Dataset entries
- Opening Delimiter -

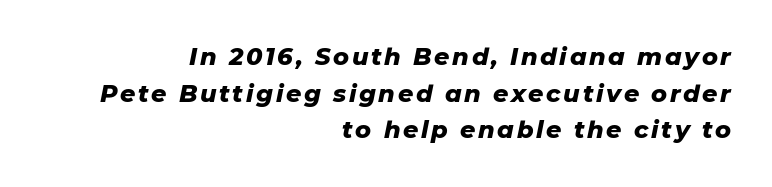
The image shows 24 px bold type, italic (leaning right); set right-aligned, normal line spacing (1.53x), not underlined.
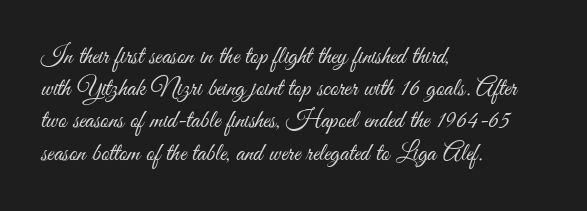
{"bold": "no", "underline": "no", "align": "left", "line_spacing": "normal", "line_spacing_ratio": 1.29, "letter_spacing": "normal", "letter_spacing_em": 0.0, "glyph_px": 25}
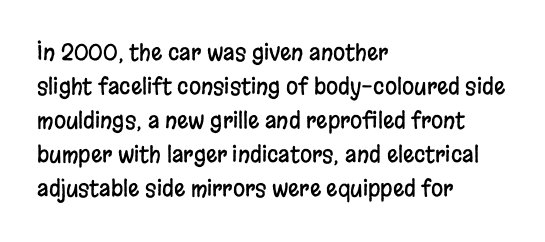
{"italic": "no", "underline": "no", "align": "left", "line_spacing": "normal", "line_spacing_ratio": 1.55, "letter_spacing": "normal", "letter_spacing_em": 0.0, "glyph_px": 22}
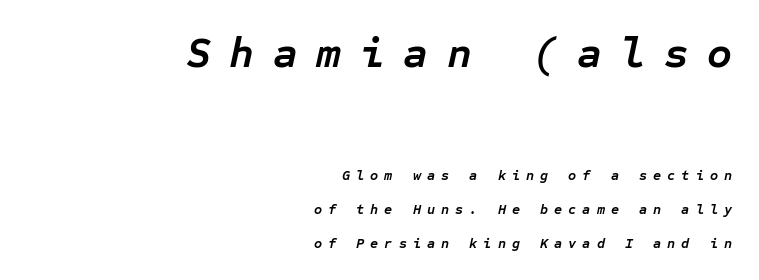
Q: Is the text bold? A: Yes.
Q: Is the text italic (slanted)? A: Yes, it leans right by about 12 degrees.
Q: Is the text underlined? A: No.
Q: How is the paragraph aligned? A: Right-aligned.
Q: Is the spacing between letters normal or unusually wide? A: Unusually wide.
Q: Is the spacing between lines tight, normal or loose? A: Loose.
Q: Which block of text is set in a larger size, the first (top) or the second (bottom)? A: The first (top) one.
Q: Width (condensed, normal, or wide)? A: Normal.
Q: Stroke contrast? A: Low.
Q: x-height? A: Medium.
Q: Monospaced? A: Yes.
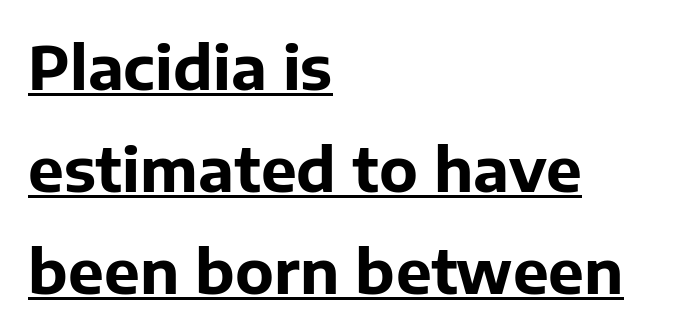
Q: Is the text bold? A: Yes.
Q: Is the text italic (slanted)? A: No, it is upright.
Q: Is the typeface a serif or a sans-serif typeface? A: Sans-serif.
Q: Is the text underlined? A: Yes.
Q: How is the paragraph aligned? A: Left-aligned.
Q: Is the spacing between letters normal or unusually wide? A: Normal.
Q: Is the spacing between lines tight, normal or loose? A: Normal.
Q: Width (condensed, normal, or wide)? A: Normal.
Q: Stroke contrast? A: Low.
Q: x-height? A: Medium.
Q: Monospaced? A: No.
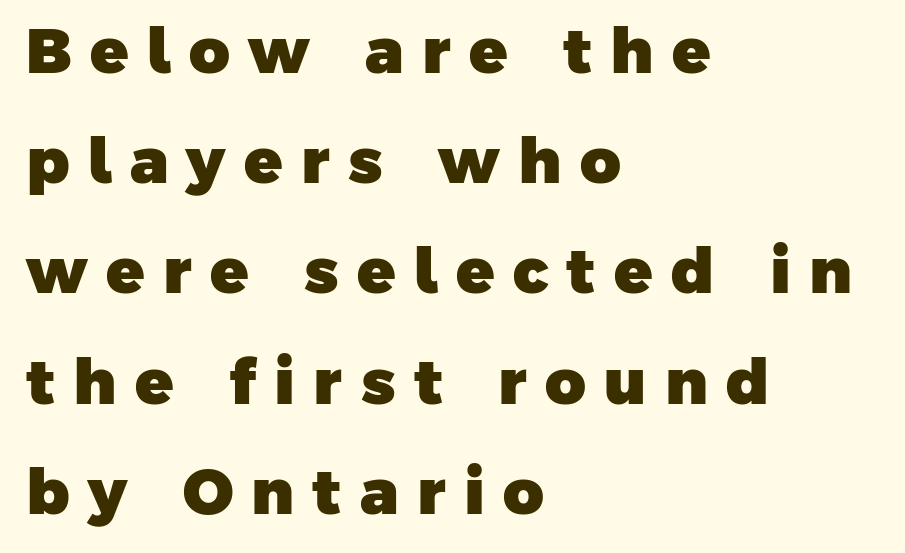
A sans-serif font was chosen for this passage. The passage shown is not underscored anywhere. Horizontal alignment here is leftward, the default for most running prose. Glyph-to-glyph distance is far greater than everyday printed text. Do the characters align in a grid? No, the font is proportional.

- Closing Delimiter -
- Opening Delimiter -

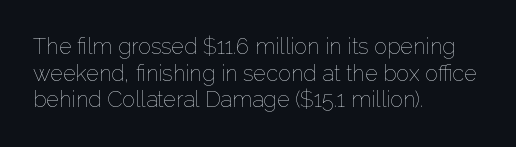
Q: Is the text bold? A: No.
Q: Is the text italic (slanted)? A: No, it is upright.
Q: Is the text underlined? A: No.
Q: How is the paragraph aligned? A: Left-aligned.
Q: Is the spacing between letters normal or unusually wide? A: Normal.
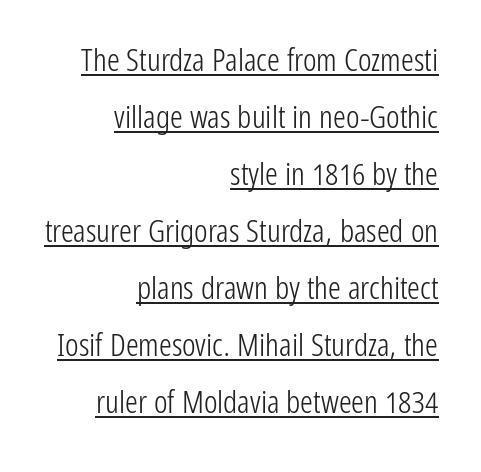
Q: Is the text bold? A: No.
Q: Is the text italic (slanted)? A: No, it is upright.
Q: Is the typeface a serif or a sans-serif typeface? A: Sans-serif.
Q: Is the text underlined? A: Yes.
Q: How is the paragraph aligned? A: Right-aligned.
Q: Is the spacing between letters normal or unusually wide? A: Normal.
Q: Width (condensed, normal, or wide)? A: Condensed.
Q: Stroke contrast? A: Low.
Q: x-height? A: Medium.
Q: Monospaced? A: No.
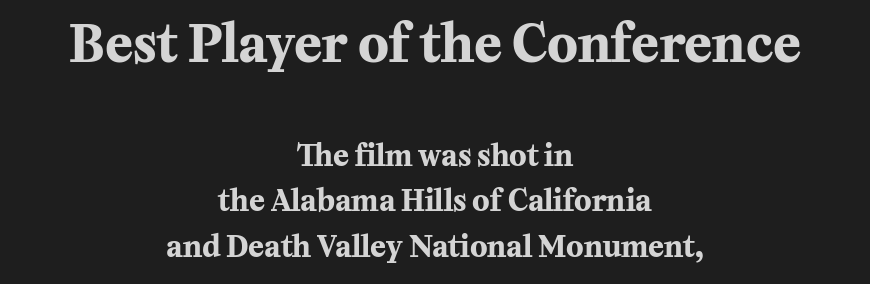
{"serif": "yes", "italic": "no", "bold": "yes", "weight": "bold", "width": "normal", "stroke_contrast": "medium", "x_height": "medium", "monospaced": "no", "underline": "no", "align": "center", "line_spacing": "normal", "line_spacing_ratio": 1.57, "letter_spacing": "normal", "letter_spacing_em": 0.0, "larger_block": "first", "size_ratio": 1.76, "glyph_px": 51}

- Closing Delimiter -

ASSIGNED TASK - Where a line above contains the string "tight", copy that line.

ANSWER FOR THE TASK -
Q: Is the spacing between lines tight, normal or loose? A: Loose.
Q: Is the spacing between lines tight, normal or loose? A: Normal.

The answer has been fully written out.